=== Section Start ===

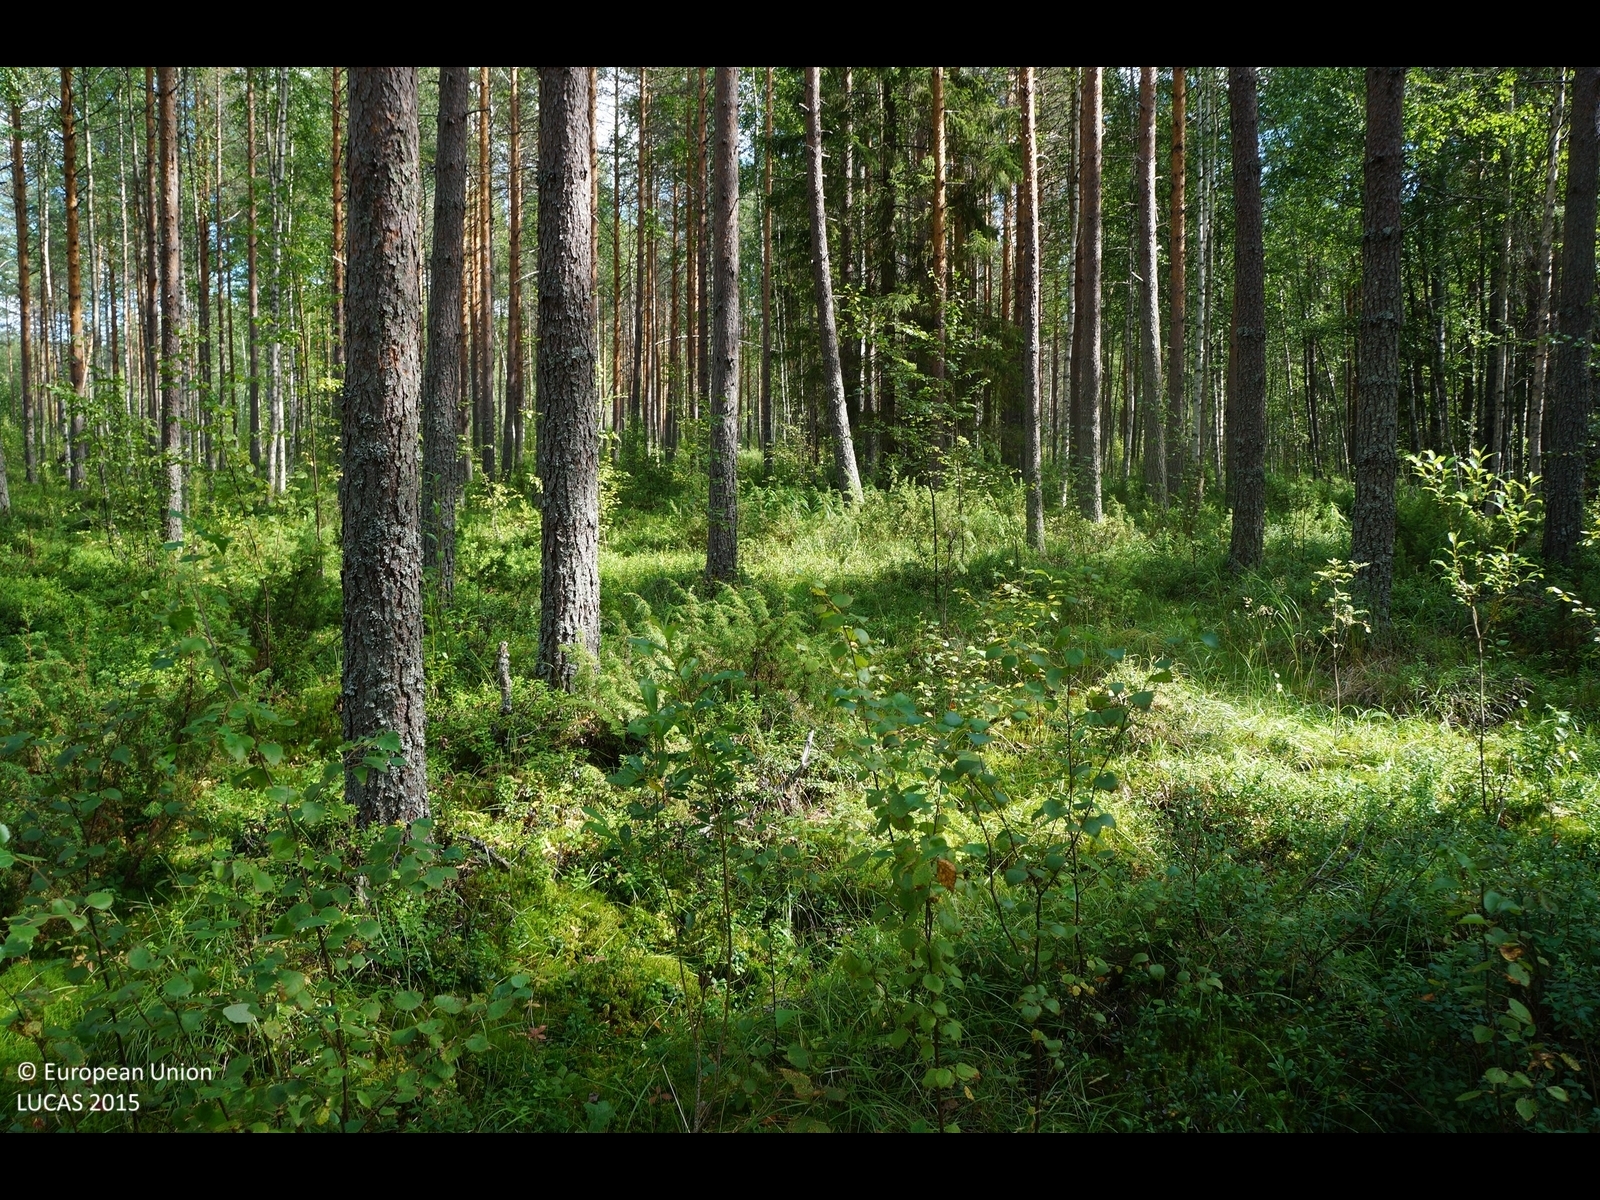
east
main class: Woodland
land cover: Pine dominated coniferous woodland
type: boreal forest
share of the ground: 50 - 75 %
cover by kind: coniferous forest trees 55 %, shrubs 20 %, lichens and mosses 15 %, herbaceous plants 10 %
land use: Forestry
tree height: > 5 m
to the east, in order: Pine dominated coniferous woodland; Pine dominated mixed woodland; Ditches and canals; Pine dominated mixed woodland; Pine dominated coniferous woodland; Broadleaved woodland; Ditches and canals; Broadleaved woodland; Paved roads, cycling and walking lanes; Broadleaved woodland; Ditches and canals; Broadleaved woodland; Ditches and canals; Broadleaved woodland
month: August
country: FI
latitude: 64.4096
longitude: 26.0186

=== Section End ===

Reproduce the full listing faithfully, but do not carry over any pictures.

east
main class: Woodland
land cover: Pine dominated coniferous woodland
type: boreal forest
share of the ground: 50 - 75 %
cover by kind: coniferous forest trees 55 %, shrubs 20 %, lichens and mosses 15 %, herbaceous plants 10 %
land use: Forestry
tree height: > 5 m
to the east, in order: Pine dominated coniferous woodland; Pine dominated mixed woodland; Ditches and canals; Pine dominated mixed woodland; Pine dominated coniferous woodland; Broadleaved woodland; Ditches and canals; Broadleaved woodland; Paved roads, cycling and walking lanes; Broadleaved woodland; Ditches and canals; Broadleaved woodland; Ditches and canals; Broadleaved woodland
month: August
country: FI
latitude: 64.4096
longitude: 26.0186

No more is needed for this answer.